Untuk itu perlu adanya re-interpretasi terhadap pemahaman manusia akan lingkungan hidup yang dapat disebut sebagai ekoteologi. Seyyed Hossein Nasr menilai bahwa krisis lingkungan dewasa ini berkorelasi erat dengan krisis spiritual-eksistensial yang telah diidap oleh kebanyakan manusia modern.

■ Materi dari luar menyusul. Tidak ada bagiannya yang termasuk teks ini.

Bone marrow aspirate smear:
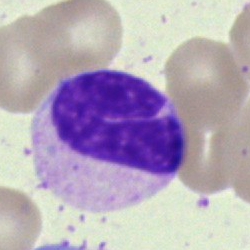
Morphological class: band-form neutrophil.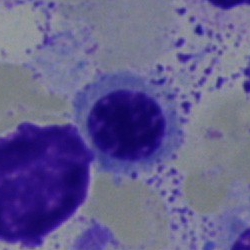
Q: What type of cell is this?
A: A nucleated red blood cell.
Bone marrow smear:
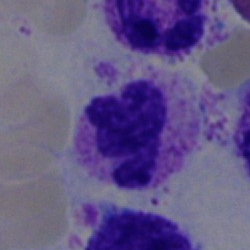

Morphology consistent with a neutrophil (segmented).

Hal ini disebabkan karena menangnya cara pandang humanisme-antroposentrisme yang memutlakkan manusia. Implikasinya, yang menjadi korban adalah bumi, alam dan lingkungan yang diintimidasi dan diperkosa atas nama hak-hak manusia. (Seyyed Hossein, 1997).
Ekoteologi dalam Islam
Islam merupakan agama yang memberikan perhatian yang cukup besar terhadap Lingkungan hidup, karena dalam ajaran Islam (ayat-ayat Al-Qur’an) mengandung prinsip-prinsip etika lingkungan. Sehingga dapat dikatakan Islam merupakan petunjuk, arahan dan barometer benar tidaknya suatu tindakan dan perbuatan manusia.

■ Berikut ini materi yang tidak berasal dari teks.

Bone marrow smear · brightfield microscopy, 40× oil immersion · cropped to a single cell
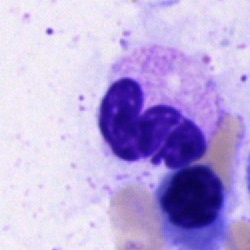The cell shown is a polymorphonuclear neutrophil.
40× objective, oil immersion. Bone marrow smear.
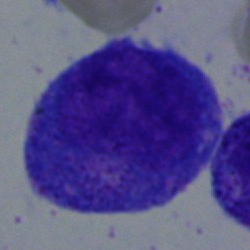Q: What cell is this?
A: A promyelocyte.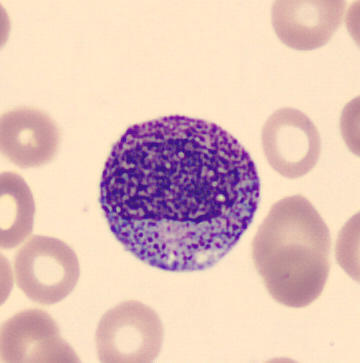 A progranulocyte.
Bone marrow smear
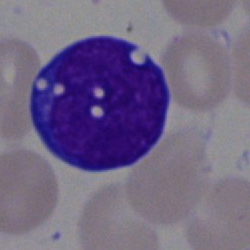Impression → blast.
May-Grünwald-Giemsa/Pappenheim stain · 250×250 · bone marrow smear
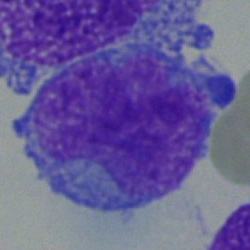Q: What is shown here?
A: Blast cell.
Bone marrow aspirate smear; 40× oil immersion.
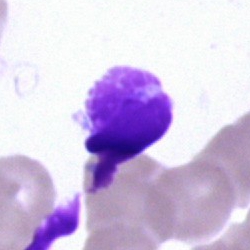Artefact.

Islam sebagai agama yang tidak hanya mengatur hubungan manusia dengan Khaliqnya. Akan tetapi juga hubungan manusia dengan sesama makluk, sesungguhnya telah memiliki landasan normatif. Hubungan ini terjadi baik secara implisit maupun eksplisit tentang menjaga dan melestarikan lingkungan hidup. Inilah nilai ekoteologi dalam Islam.

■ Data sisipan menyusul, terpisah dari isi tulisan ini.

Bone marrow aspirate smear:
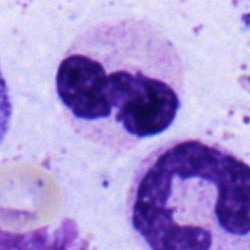

Q: Which cell type is shown here?
A: A neutrophil (segmented).
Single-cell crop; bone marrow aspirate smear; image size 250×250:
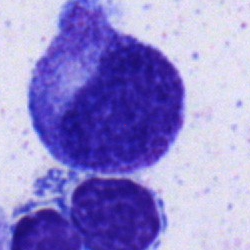

Classification: myelocyte.
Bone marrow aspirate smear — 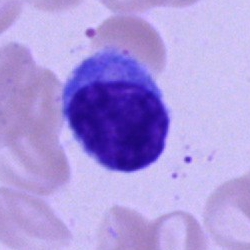

{"cell_type": "typical lymphocyte"}
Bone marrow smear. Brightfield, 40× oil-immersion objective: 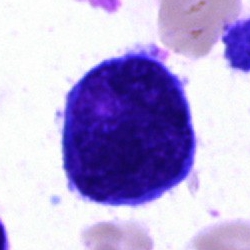

Specimen: bone marrow aspirate smear.
Cell type: blast cell.
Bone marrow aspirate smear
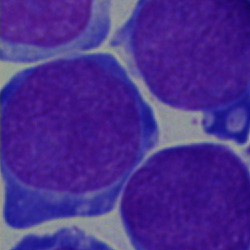The cell shown is a blast.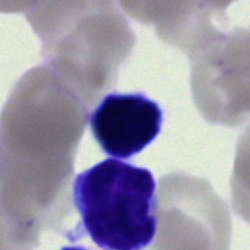 Specimen: bone marrow smear.
Cell type: lymphocyte.
Lineage: lymphoid.
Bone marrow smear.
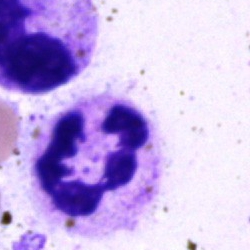Q: What type of cell is this?
A: This is a polymorphonuclear neutrophil.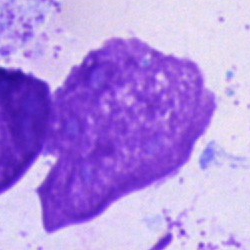

Impression → artifact.
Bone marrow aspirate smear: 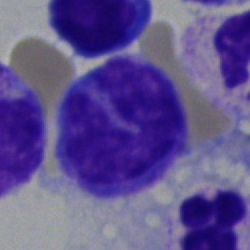
Classification: monocyte.
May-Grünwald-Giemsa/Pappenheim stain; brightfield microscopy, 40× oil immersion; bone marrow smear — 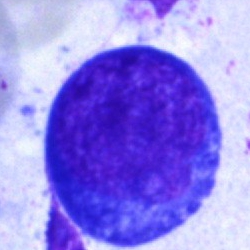

Specimen: bone marrow smear.
Cell: blast.
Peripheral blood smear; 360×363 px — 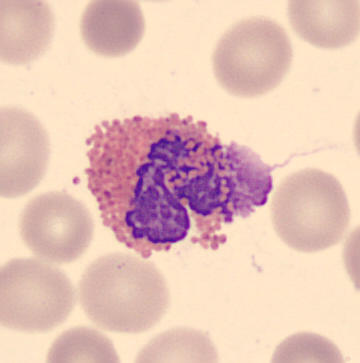
Cell — eosinophilic granulocyte.

Misal, tentang tugas melestarikan lingkungan hidup yang merupakan manifestasi iman (lihat, QS. AlA’raf [7]: 85), merusak lingkungan merupakan sifat orang- orang munafik (lihat, QS. Al-Baqarah [2]: 205), alam semesta merupakan anugerah dari Allah SWT untuk manusia (lihat, QS. Luqman [31]: 20; QS. Ibrahim [14]: 32-33), manusia adalah khalifah untuk menjaga kemakmuran lingkungan hidup (lihat, QS. AlAn’am [6]: 165), dan kerusakan yang terjadi di muka bumi akibat dari ulah tangan manusia yang tidak bertanggung jawab (lihat, QS. As- Syuura [42]: 30; QS. Al-A’raf [7]: 56).
Alam semesta merupakan hasil ciptaan dari sang pencipta, ciptaan Allah memang berpuncak pada manusia, manusia merupakan ciptaan yang istimewa. Dalam perspektif Islam Manusia dan lingkungan memiliki hubungan relasi yang sangat erat karena Allah Swt menciptakan alam ini termasuk di dalamnya manusia dan lingkungan dalam keseimbangan dan keserasian.
Keseimbangan dan keserasian ini harus dijaga agar tidak mengalami kerusakan. Kelangsusungan kehidupan di alam ini pun saling terkait yang jika salah satu komponen mengalami gangguan luar biasa maka akan berpengaruh terhadap komponen yang lain. (Alef Theria Wasim, 2005).
Ekoteologi dan Maqashid asy-Syariah
Tujuan agama adalah melindungi, menjaga serta merawat agama, kehidupan, akal budi dan akal pikir, anak cucu serta sifat juga merawat persamaan serta kebebasan yang sering kita dengar dengan Maqashid asy-syariah.
Melindungi, menjaga dan merawat lingkungan adalah tujuan utama dari hubungan dimaksud. Jika situasi lingkungan semakin terus memburuk maka pada akhirnya kehidupan tidak akan ada lagi tentu saja agama pun tidak akan ada lagi.
Salah satu prinsip atau kaidah fiqih (hukum Islam) yang terkait dengan pemeliharaan lingkungan adalah la dlarara wa la dlirar (tidak berbahaya dan tidak membahayakan). Prinsip ini diambil dari ayat-ayat al-Quran (seperti QS. Al-Nisa’ (4): 29, QS. al-Baqarah (2): 195, 231, 233, dan 282) dan hadits-hadits Nabi Saw.
Dari kaidah ini dan juga kaidah-kaidah fikih yang lain, kita dapat mengembangkannya pada zaman sekarang, terutama terkait dengan mereka yang sering mengganggu ketertiban lingkungan dan melampaui batas, seperti yang dilakukan oleh industri-industri besar dan perusahaan-perusahaan yang tidak peduli dengan dampak yang bakal menimpa masyarakat.
Dalam menjaga dan melestarikan lingkungan hidup, perlu adanya kesadaran kolektif. Di situlah peran masyarakat secara umum khususnya umat Islam sangatl dibutuhkan dengan berpedoman pada wahyu ilahi serta memperhatikan kaidah fikih serta tujuan-tujuan ditetapkannya syari’at (Maqashid asy-syariah).
Kesadaran dalam rupa ekoteologi yang memberikan pengertian pentingnya menjaga kelestarian lingkungan hidup agar bisa dinikmati oleh generasi yang akan datang.